**GIVEN DATA**
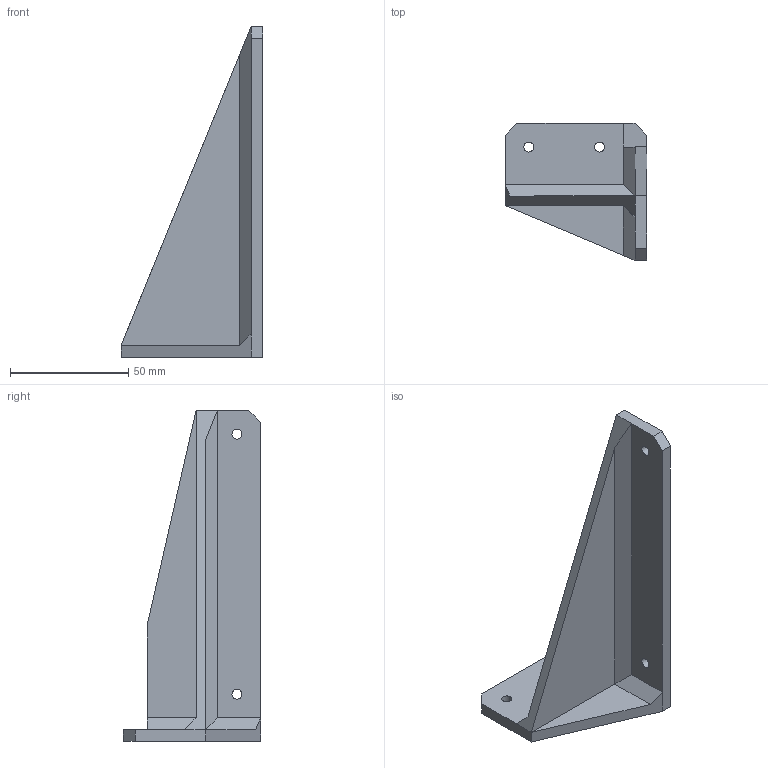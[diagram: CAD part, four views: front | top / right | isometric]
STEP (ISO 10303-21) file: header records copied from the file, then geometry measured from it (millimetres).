
FILE_DESCRIPTION(('FreeCAD Model'),'2;1');
FILE_NAME('Open CASCADE Shape Model','2021-12-21T21:43:48',('Author'),( ''),'Open CASCADE STEP processor 7.5','FreeCAD','Unknown');
FILE_SCHEMA(('AUTOMOTIVE_DESIGN { 1 0 10303 214 1 1 1 1 }'));
Length unit declared in the file: millimetre
Products named in the file (1): reinf.L
Bounding box: 60 x 58 x 140 mm (x, y, z)
Volume: 59036.1 mm3; surface area: 25728 mm2
Topology: 1 solids, 1 shells, 28 faces, 71 edges, 45 vertices
Faces by surface type: plane 24, cylinder 4
Full cylindrical faces by diameter (mm): 4.2 x4
Entity records: 1788 total; most frequent: CARTESIAN_POINT 305, DIRECTION 271, LINE 191, VECTOR 191, ORIENTED_EDGE 142, PCURVE 142, DEFINITIONAL_REPRESENTATION 142, EDGE_CURVE 71

**WHAT TO WORK ON**
Return the listing above unchanged, apart from dropping its pictures.

**SOLUTION TO THIS PROBLEM**
[diagram: CAD part, four views: front | top / right | isometric]
STEP (ISO 10303-21) file: header records copied from the file, then geometry measured from it (millimetres).
FILE_DESCRIPTION(('FreeCAD Model'),'2;1');
FILE_NAME('Open CASCADE Shape Model','2021-12-21T21:43:48',('Author'),( ''),'Open CASCADE STEP processor 7.5','FreeCAD','Unknown');
FILE_SCHEMA(('AUTOMOTIVE_DESIGN { 1 0 10303 214 1 1 1 1 }'));
Length unit declared in the file: millimetre
Products named in the file (1): reinf.L
Bounding box: 60 x 58 x 140 mm (x, y, z)
Volume: 59036.1 mm3; surface area: 25728 mm2
Topology: 1 solids, 1 shells, 28 faces, 71 edges, 45 vertices
Faces by surface type: plane 24, cylinder 4
Full cylindrical faces by diameter (mm): 4.2 x4
Entity records: 1788 total; most frequent: CARTESIAN_POINT 305, DIRECTION 271, LINE 191, VECTOR 191, ORIENTED_EDGE 142, PCURVE 142, DEFINITIONAL_REPRESENTATION 142, EDGE_CURVE 71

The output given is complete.